I recently ran in the Scottsdale Run the Runway. Coach V and Molly came to support me 4 days after she was born.

Talk about a flat course. Basically you start in the middle of the airport on a taxiway. Run to the end turn left to get on the runway. Go the length of the runway. Turn left back to the Taxiway and run back to where you started.

4275_1554572287538Before the race I bumped into one of the guys from the Embrace your Pace Group and decided to try to stay with him. I did alright for the first half. it was a rolling start so there was alot of dodging slower runners and strollers at the beginning. Aaron is a big believer in negative splits, which is kinda the opposite approach I’ve always used. However, with someone there who I know that I can stay with during the group runs I thought I would give it a try.

I made 2 errors.

Error number 1, we had just had a kid 4 days ago. I was exhausted. Turns out that birth is taxing even for the dad, although I’m sure its to a lesser degree than the mom.

Error number 2

This is kind of 2 errors in one. I had only been on 1 run in the previous 2 weeks. and that lead to the second part of the error. I kinda have 2 modes, going hard and seriously laid back. I have no concept of internal pacing. During the group runs I push myself to stay with people. Aaron has more pace disciple than I do and uses the group runs as “easy” run. So, my pushing after a month of intense training can stay with Aaron’s easy to moderate run. His race pace is..um..faster. Had I stayed with the training through to the race I may have had a shot of staying with him. After 2 weeks of nearly nothing I feel lucky to have stayed with him as long as I did.

It was really cool to see him at the end of the race cheering me to the finish. He did mention that the strength of my finishing kick was an inspiring thing to watch. Admittedly I can drop the hammer down when I need to, just not for very long.

But my kick is part of what frustrates me so much. I can get down under 5:30 pace during the kick to the finish. So to me that says that I’ve got the foot turnover and power to go fast.

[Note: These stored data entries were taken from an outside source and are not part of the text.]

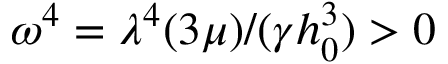
\omega ^ { 4 } = \lambda ^ { 4 } ( 3 \mu ) / ( \gamma h _ { 0 } ^ { 3 } ) > 0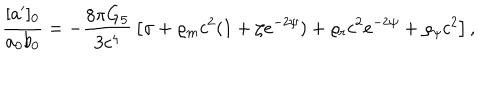
{ \frac { [ a ^ { \prime } ] _ { 0 } } { a _ { 0 } b _ { 0 } } } = - { \frac { 8 \pi G _ { 5 } } { 3 c ^ { 4 } } } \left[ \sigma + \varrho _ { m } c ^ { 2 } ( 1 + \zeta e ^ { - 2 \psi } ) + \varrho _ { r } c ^ { 2 } e ^ { - 2 \psi } + \varrho _ { \psi } c ^ { 2 } \right] ,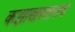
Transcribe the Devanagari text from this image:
कझाखस्तानचे

I’m just not sure if I don’t have the endurance or my brain doesn’t think I have the endurance to go that fast for 3 miles.

My high school coach always thought that I was subconsciously holding on to too much reserve. I think it it has more to do with going too fast at the start, and slowing down to a recharge pace in the middle. So, next race I’m going to try for a negative split. Its time to stop thinking like a sprinter and think like an endurance runner.